Week 7: Risk Paper 2
Having a good understanding of what a contract is and the different types of contracts can help you to stay ahead of the game when it comes to having to sign a contract in the long run. A contract is “a mutually binding agreement that obligates the seller to provide the specified product or service or result and obligate the buyer to pay for it.” (PMBOK 533) In your lifetime you can come across many contracts such as a marriage contract, buying a vehicle contract, buying a house contract and so on and so forth. The list can go on for days. At the same time there are six types of contracts that most people don’t even know exist. They are as follows:
Fixed-price incentive fee contracts
Cost-plus fixed contracts
Cost-plus percentage fee contracts
Cost-plus incentive fee contracts; and
Guaranteed maximum-shared savings contract. (Vaidyanathan 220)

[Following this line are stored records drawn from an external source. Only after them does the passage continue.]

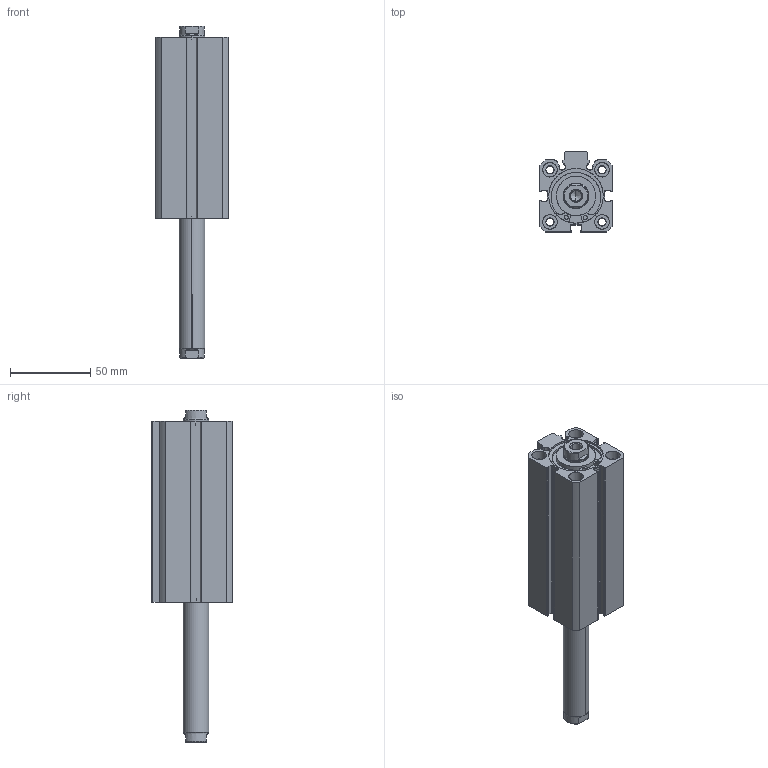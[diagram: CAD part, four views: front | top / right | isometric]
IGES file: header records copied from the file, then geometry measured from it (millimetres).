
Start section: SolidWorks IGES file using analytic representation for surfaces
Global section: file name: KSD-A-32-80-CYLINDER.IGS; native system: SolidWorks 2010; preprocessor: SolidWorks 2010; author: DELL; date: 130721.170618; units: millimetre
Bounding box: 45 x 50 x 207 mm (x, y, z)
Surface area: 69414.6 mm2 (no closed solid volume)
Topology: 0 solids, 0 shells, 257 faces, 5102 edges, 5098 vertices
Faces by surface type: revolution 163, bspline 94
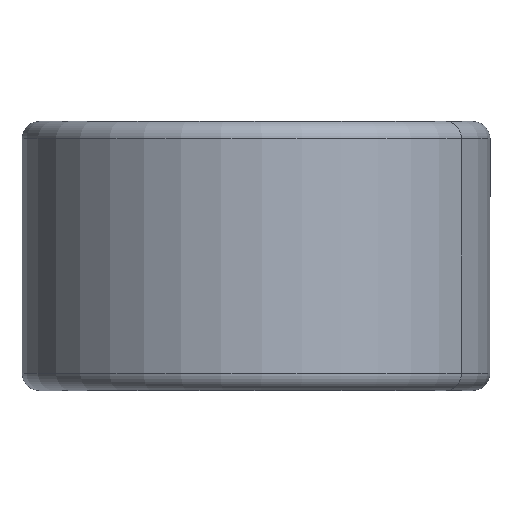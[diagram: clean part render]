
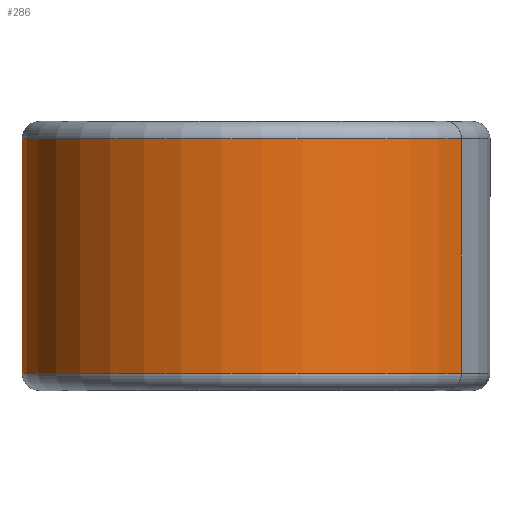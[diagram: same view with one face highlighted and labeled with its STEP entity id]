
A CAD part, front view. The second image highlights one B-rep face of the part: STEP entity #286.
In plain terms, the highlighted cylindrical face has radius 20 mm (diameter 40 mm), a partial arc.
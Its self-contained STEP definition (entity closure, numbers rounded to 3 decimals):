
#177=CARTESIAN_POINT('Vertex',(-17.552,9.589,-1.5)) ;
#184=CARTESIAN_POINT('Vertex',(17.552,-9.589,-1.5)) ;
#204=CARTESIAN_POINT('Axis2P3D Location',(0.,0.,-1.5)) ;
#244=CARTESIAN_POINT('Axis2P3D Location',(0.,0.,-11.5)) ;
#249=CARTESIAN_POINT('Line Origine',(-17.552,9.589,-11.5)) ;
#253=CARTESIAN_POINT('Vertex',(-17.552,9.589,-21.5)) ;
#256=CARTESIAN_POINT('Line Origine',(17.552,-9.589,-11.5)) ;
#260=CARTESIAN_POINT('Vertex',(17.552,-9.589,-21.5)) ;
#275=CARTESIAN_POINT('Axis2P3D Location',(0.,0.,-21.5)) ;
#205=DIRECTION('Axis2P3D Direction',(0.,0.,-1.)) ;
#245=DIRECTION('Axis2P3D Direction',(0.,0.,-1.)) ;
#246=DIRECTION('Axis2P3D XDirection',(-0.878,0.479,-0.)) ;
#250=DIRECTION('Vector Direction',(0.,0.,-1.)) ;
#257=DIRECTION('Vector Direction',(0.,0.,-1.)) ;
#276=DIRECTION('Axis2P3D Direction',(0.,0.,-1.)) ;
#206=AXIS2_PLACEMENT_3D('Circle Axis2P3D',#204,#205,$) ;
#247=AXIS2_PLACEMENT_3D('Cylinder Axis2P3D',#244,#245,#246) ;
#277=AXIS2_PLACEMENT_3D('Circle Axis2P3D',#275,#276,$) ;
#281=ORIENTED_EDGE('',*,*,#262,.T.) ;
#282=ORIENTED_EDGE('',*,*,#208,.T.) ;
#283=ORIENTED_EDGE('',*,*,#255,.F.) ;
#284=ORIENTED_EDGE('',*,*,#279,.F.) ;
#251=VECTOR('Line Direction',#250,1.) ;
#258=VECTOR('Line Direction',#257,1.) ;
#286=ADVANCED_FACE('PartBody',(#285),#248,.T.) ;
#207=CIRCLE('generated circle',#206,20.) ;
#278=CIRCLE('generated circle',#277,20.) ;
#248=CYLINDRICAL_SURFACE('generated cylinder',#247,20.) ;
#208=EDGE_CURVE('',#185,#178,#207,.T.) ;
#255=EDGE_CURVE('',#254,#178,#252,.F.) ;
#262=EDGE_CURVE('',#261,#185,#259,.F.) ;
#279=EDGE_CURVE('',#261,#254,#278,.T.) ;
#280=EDGE_LOOP('',(#281,#282,#283,#284)) ;
#285=FACE_OUTER_BOUND('',#280,.T.) ;
#252=LINE('Line',#249,#251) ;
#259=LINE('Line',#256,#258) ;
#178=VERTEX_POINT('',#177) ;
#185=VERTEX_POINT('',#184) ;
#254=VERTEX_POINT('',#253) ;
#261=VERTEX_POINT('',#260) ;
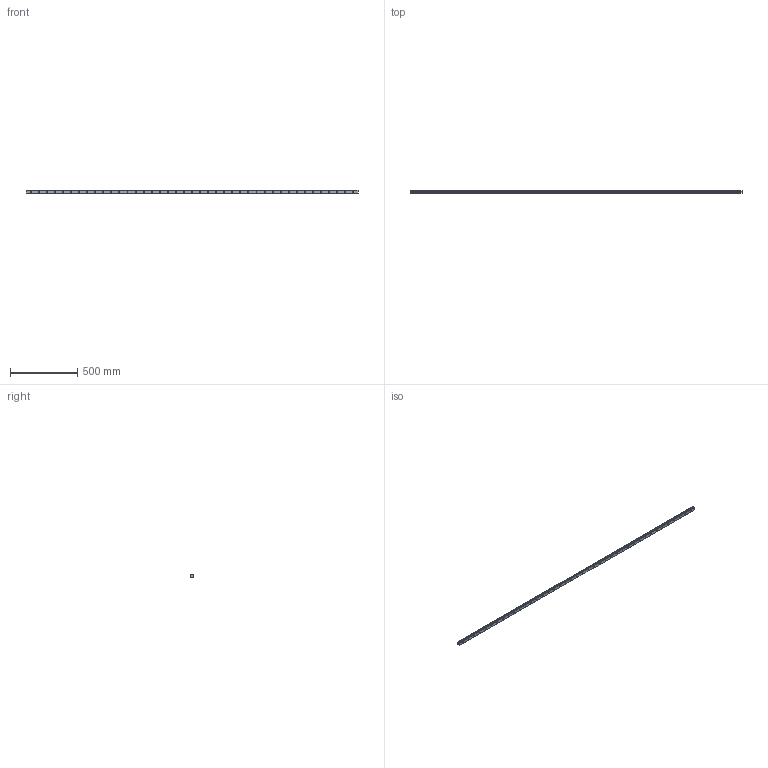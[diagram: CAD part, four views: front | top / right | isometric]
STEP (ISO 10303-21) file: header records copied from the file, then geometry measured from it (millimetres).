
FILE_DESCRIPTION (( 'STEP AP214' ), '1' );
FILE_NAME ('SHS25C1SS-2470L_G35_0_B-M6F_1189_0_0_0_1.STEP', '2021-06-18T14:10:11', ( '' ), ( '' ), 'SwSTEP 2.0', 'SolidWorks 2021', '' );
FILE_SCHEMA (( 'AUTOMOTIVE_DESIGN' ));
Length unit declared in the file: millimetre
Products named in the file (2): SHS25C1SS-2470L_G35_0_B-M6F_1189_0_0_0_1; _SHS25C247035 Track
Assembly tree (1 placements, depth 2):
  SHS25C1SS-2470L_G35_0_B-M6F_1189_0_0_0_1
    _SHS25C247035 Track
Bounding box: 2470 x 20 x 23 mm (x, y, z)
Volume: 958101.1 mm3; surface area: 235419.6 mm2
Topology: 1 solids, 1 shells, 247 faces, 612 edges, 408 vertices
Faces by surface type: cylinder 190, plane 57
Entity records: 7776 total; most frequent: DIRECTION 1494, CARTESIAN_POINT 1271, ORIENTED_EDGE 1224, AXIS2_PLACEMENT_3D 631, EDGE_CURVE 612, VERTEX_POINT 408, CIRCLE 380, EDGE_LOOP 370

In my experience I have two cars that I had to sign contracts for in order to drive them off the lot. To tell you the truth for my first car all I did was ask how much I would be paying a month and signed on the dotted line. But for my second car there was more at risk. Although I don’t have any kids my first thought are always how is this going to impact my future savings for a child. So the risk comes in of whether or not I’m buying the right car for the right price. Can I really afford this in addition to my monthly expenses? Is this a lemon car? In the end it comes down to is this contract that right contract for my family and me. I truly believe that by having these assumptions made me do my research and really learn about what I was really getting into when thinking a purchasing a second vehicle for my household. Without these worries in mind I would just make another on the fly decision, like I did a few years back when it was just me I was thinking about.
The type of contract that was...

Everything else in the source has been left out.